I don't see how you can deduce anything for Q from that. Can you please elaborate?

 

[SammyS]

Homework Statement

Find all the polynomials $P(x)$ for which
$$P(x^2+2x+3)=[P(x+3)]^2$$

Homework Equations

The Attempt at a Solution

I don't really know how to solve functional equations systematically. I tried to to find a linear $P(x)$ and found $P(x)=x-2$ through trial & error. I also tried substituting x = 0 and x = (x-3) but that didn't go anywhere.
$$x=0: P(3) = [P(3)]^2$$$$\Rightarrow{P(3) = {0,1}}$$$$x=(x-3): P((x-2)^2+2) = [P(x)]^2$$
Note that on the LHS, there is $(x-2)$ (the P(x) I found) but I don't know if that's a coincidence or not. Also the LHS & RHS are ≥ 0 and $P(x)$ must be an "odd degree" polynomial (i.e. the leading term must be an odd power).
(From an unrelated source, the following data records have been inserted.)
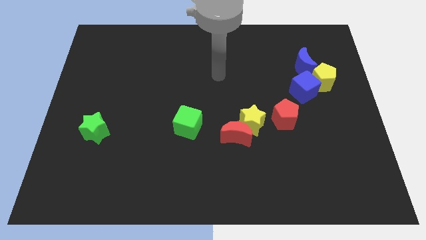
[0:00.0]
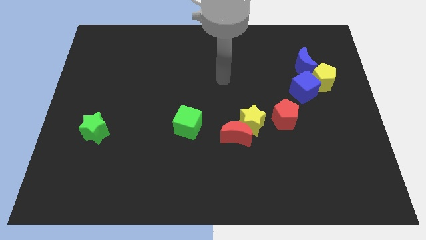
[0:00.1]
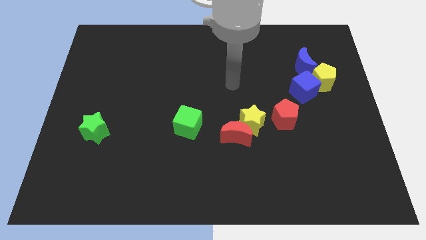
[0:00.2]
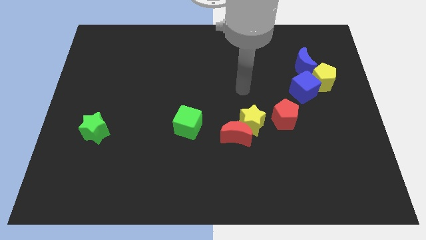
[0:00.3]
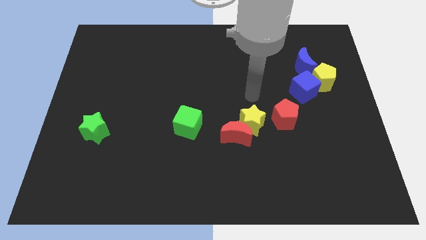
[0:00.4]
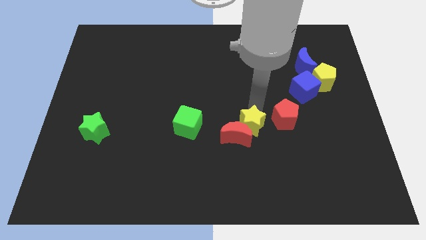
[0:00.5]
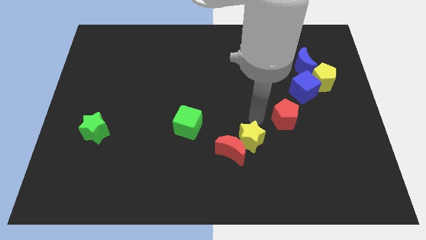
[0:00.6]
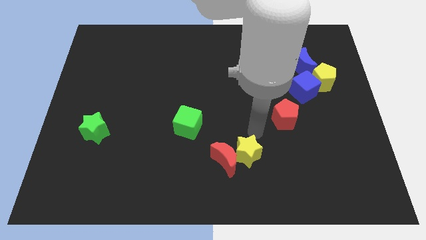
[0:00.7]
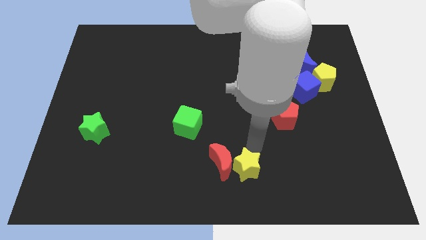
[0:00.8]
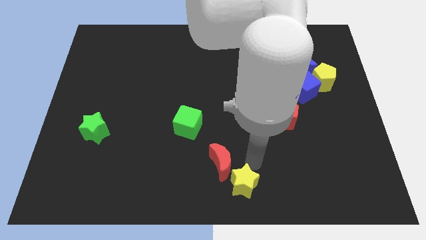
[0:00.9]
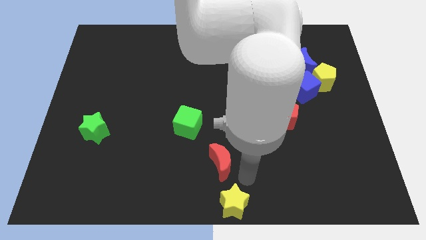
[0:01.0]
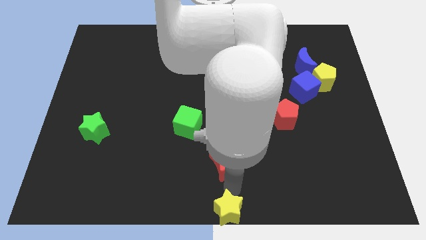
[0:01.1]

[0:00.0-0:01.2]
move the red moon away from the yellow star

Please help me solve this question. Thanks.

You can determine something about the polynomial, P(x), evaluated at a few values of x.
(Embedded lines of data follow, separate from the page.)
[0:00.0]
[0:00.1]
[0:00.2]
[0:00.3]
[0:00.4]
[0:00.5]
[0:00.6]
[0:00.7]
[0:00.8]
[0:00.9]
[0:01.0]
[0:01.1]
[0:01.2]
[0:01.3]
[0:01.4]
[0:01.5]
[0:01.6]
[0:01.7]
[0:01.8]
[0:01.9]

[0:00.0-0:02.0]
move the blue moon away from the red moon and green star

It may be helpful to use a different variable to express $\displaystyle \ P(u^2+2u+3)=(P(u+3))^2\ .$

If $\displaystyle \ u^2+2u+3=u+3\,,\$ then u = 0 or -1 .
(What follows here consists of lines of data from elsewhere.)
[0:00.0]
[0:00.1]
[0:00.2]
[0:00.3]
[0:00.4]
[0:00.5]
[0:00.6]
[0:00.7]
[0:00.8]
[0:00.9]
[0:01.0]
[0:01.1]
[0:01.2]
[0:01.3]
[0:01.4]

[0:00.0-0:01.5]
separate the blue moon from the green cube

This gives that $\displaystyle \ P(3)=(P(3))^2\,, \$ which you already have.

Also, it gives $\displaystyle \ P(2)=(P(2))^2\ .$

What if u = -2 ?

This is far from solved, but gives something to work with.

 

[tdenise]

Thanks SammyS. For u = -2: $P(3) = (P(1))^2$, so
$$(P(3))^2 = (P(1))^2$$

So P(x) is does not have a one to one y to x mapping (I don't remember the name for that). How does that help solve the problem though?

I also noticed that the minimum of $x^2+2x+3$ is 2. Is this relevant?

 

[SammyS]

Thanks SammyS. For u = -2: $P(3) = (P(1))^2$, so
$$(P(3))^2 = (P(1))^2$$

So P(x) is does not have a one to one y to x mapping (I don't remember the name for that). How does that help solve the problem though?

Well, you do know something about P(3), right? ... It's either 0 or 1 .

 

[haruspex]

Can you please elaborate?

I'll start by switching x to x-3 everywhere. This produces an equivalent equation but with a more convenient RHS: P(x²-4x+6) = P(x)²
Let P(x) = (x-α)ⁿQ(x) with n≥1, so (x²-4x+6-α)ⁿQ(x²-4x+6) = P(x²-4x+6) = P(x)² = (x-α)²ⁿQ(x)².
so (x²-4x+6-α) divides (x-α)²ⁿQ(x)².
Under what circumstances does x-α divide (x²-4x+6-α)?
If it does not divide it, what roots can you deduce for Q?